Segment Open
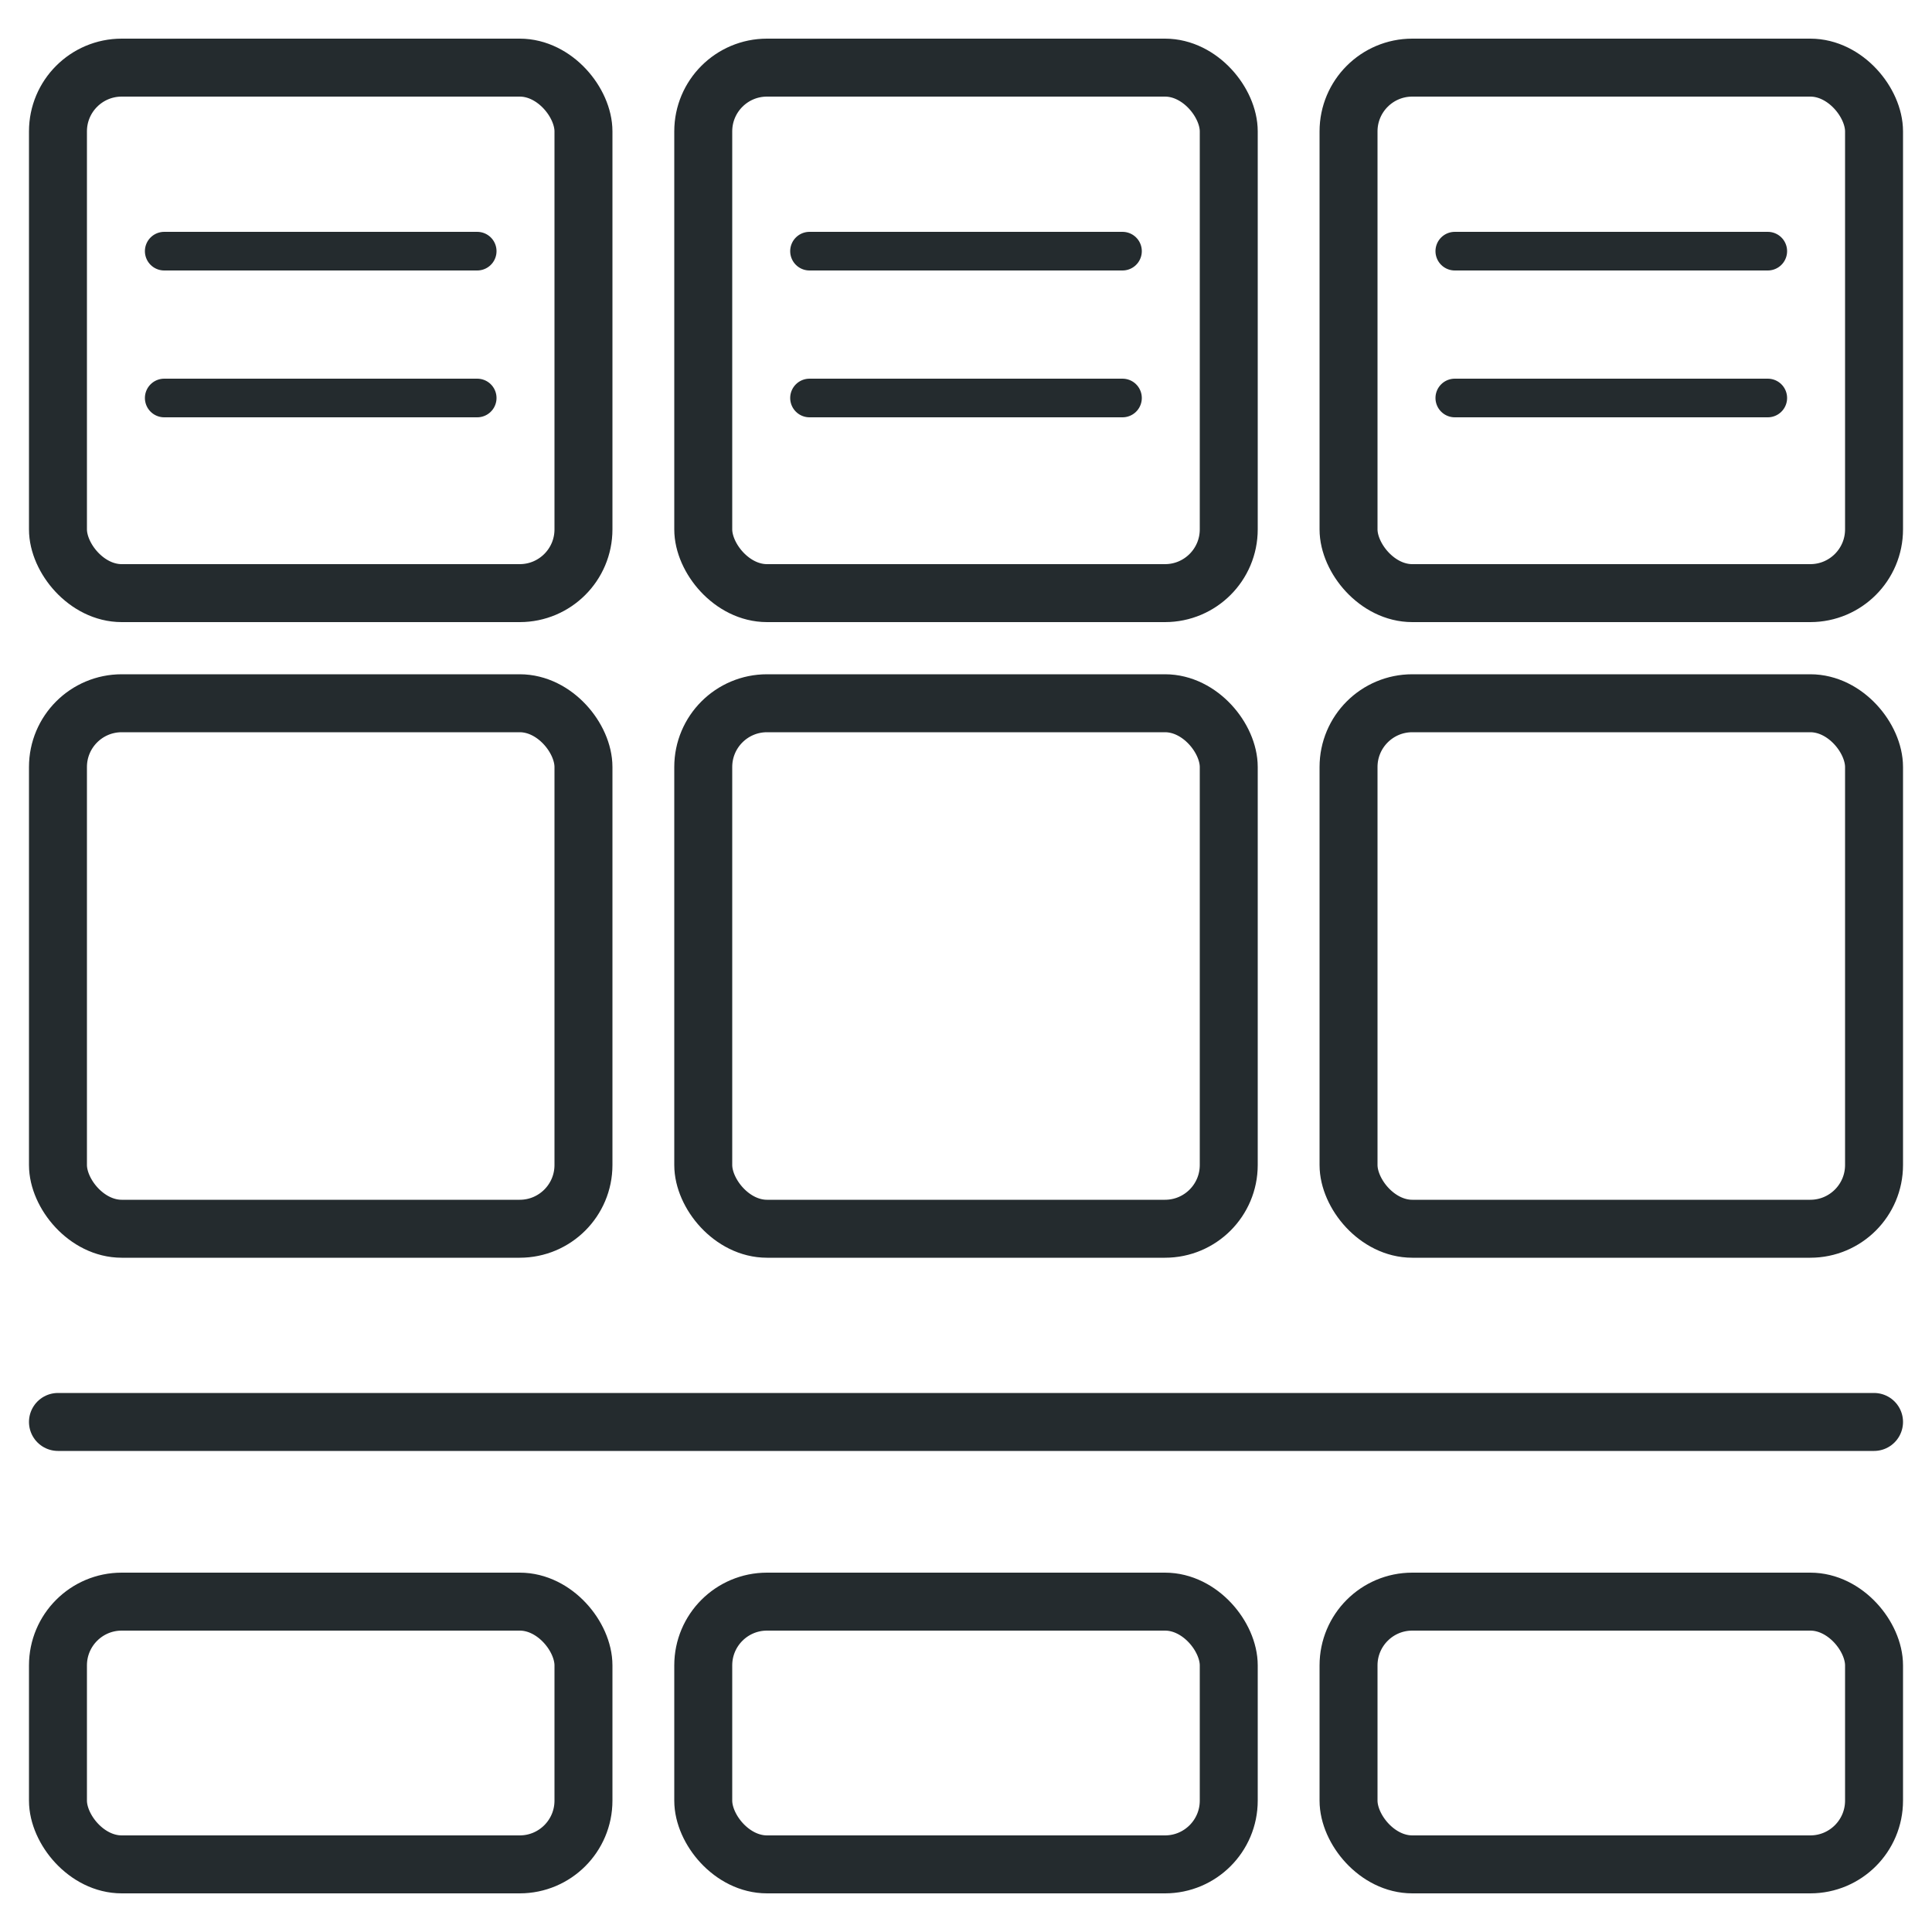 <?xml version="1.0" encoding="UTF-8"?>
<svg id="Layer_1" xmlns="http://www.w3.org/2000/svg" version="1.1" viewBox="0 0 100 100">
  <!-- Generator: Adobe Illustrator 29.6.1, SVG Export Plug-In . SVG Version: 2.1.1 Build 9)  -->
  <defs>
    <style>
      .st0 {
        stroke-width: 2px;
      }

      .st0, .st1 {
        fill: none;
        stroke: #242b2e;
        stroke-linecap: round;
        stroke-linejoin: round;
      }

      .st1 {
        stroke-width: 3px;
      }
    </style>
  </defs>
  <rect class="st1" x="3" y="3.5" width="27.2" height="27.2" rx="3.3" ry="3.3"/>
  <rect class="st1" x="36.4" y="3.5" width="27.2" height="27.2" rx="3.3" ry="3.3"/>
  <rect class="st1" x="69.8" y="3.5" width="27.2" height="27.2" rx="3.3" ry="3.3"/>
  <rect class="st1" x="3" y="36.4" width="27.2" height="27.2" rx="3.3" ry="3.3"/>
  <rect class="st1" x="36.4" y="36.4" width="27.2" height="27.2" rx="3.3" ry="3.3"/>
  <rect class="st1" x="69.8" y="36.4" width="27.2" height="27.2" rx="3.3" ry="3.3"/>
  <rect class="st1" x="3" y="82.9" width="27.2" height="13.6" rx="3.3" ry="3.3"/>
  <rect class="st1" x="36.4" y="82.9" width="27.2" height="13.6" rx="3.3" ry="3.3"/>
  <rect class="st1" x="69.8" y="82.9" width="27.2" height="13.6" rx="3.3" ry="3.3"/>
  <line class="st0" x1="8.5" y1="13" x2="24.7" y2="13"/>
  <line class="st0" x1="8.5" y1="20.6" x2="24.7" y2="20.6"/>
  <line class="st0" x1="41.9" y1="13" x2="58.1" y2="13"/>
  <line class="st0" x1="41.9" y1="20.6" x2="58.1" y2="20.6"/>
  <line class="st0" x1="75.3" y1="13" x2="91.5" y2="13"/>
  <line class="st0" x1="75.3" y1="20.6" x2="91.5" y2="20.6"/>
  <line class="st1" x1="3" y1="73.6" x2="97" y2="73.6"/>
</svg>
Segment Closed
■ Your assignment
Track down every line of the material containing the string "rect", and copy it.

■ The completed task
  <rect class="st1" x="3" y="3.5" width="27.2" height="27.2" rx="3.3" ry="3.3"/>
  <rect class="st1" x="36.4" y="3.5" width="27.2" height="27.2" rx="3.3" ry="3.3"/>
  <rect class="st1" x="69.8" y="3.5" width="27.2" height="27.2" rx="3.3" ry="3.3"/>
  <rect class="st1" x="3" y="36.4" width="27.2" height="27.2" rx="3.3" ry="3.3"/>
  <rect class="st1" x="36.4" y="36.4" width="27.2" height="27.2" rx="3.3" ry="3.3"/>
  <rect class="st1" x="69.8" y="36.4" width="27.2" height="27.2" rx="3.3" ry="3.3"/>
  <rect class="st1" x="3" y="82.9" width="27.2" height="13.6" rx="3.3" ry="3.3"/>
  <rect class="st1" x="36.4" y="82.9" width="27.2" height="13.6" rx="3.3" ry="3.3"/>
  <rect class="st1" x="69.8" y="82.9" width="27.2" height="13.6" rx="3.3" ry="3.3"/>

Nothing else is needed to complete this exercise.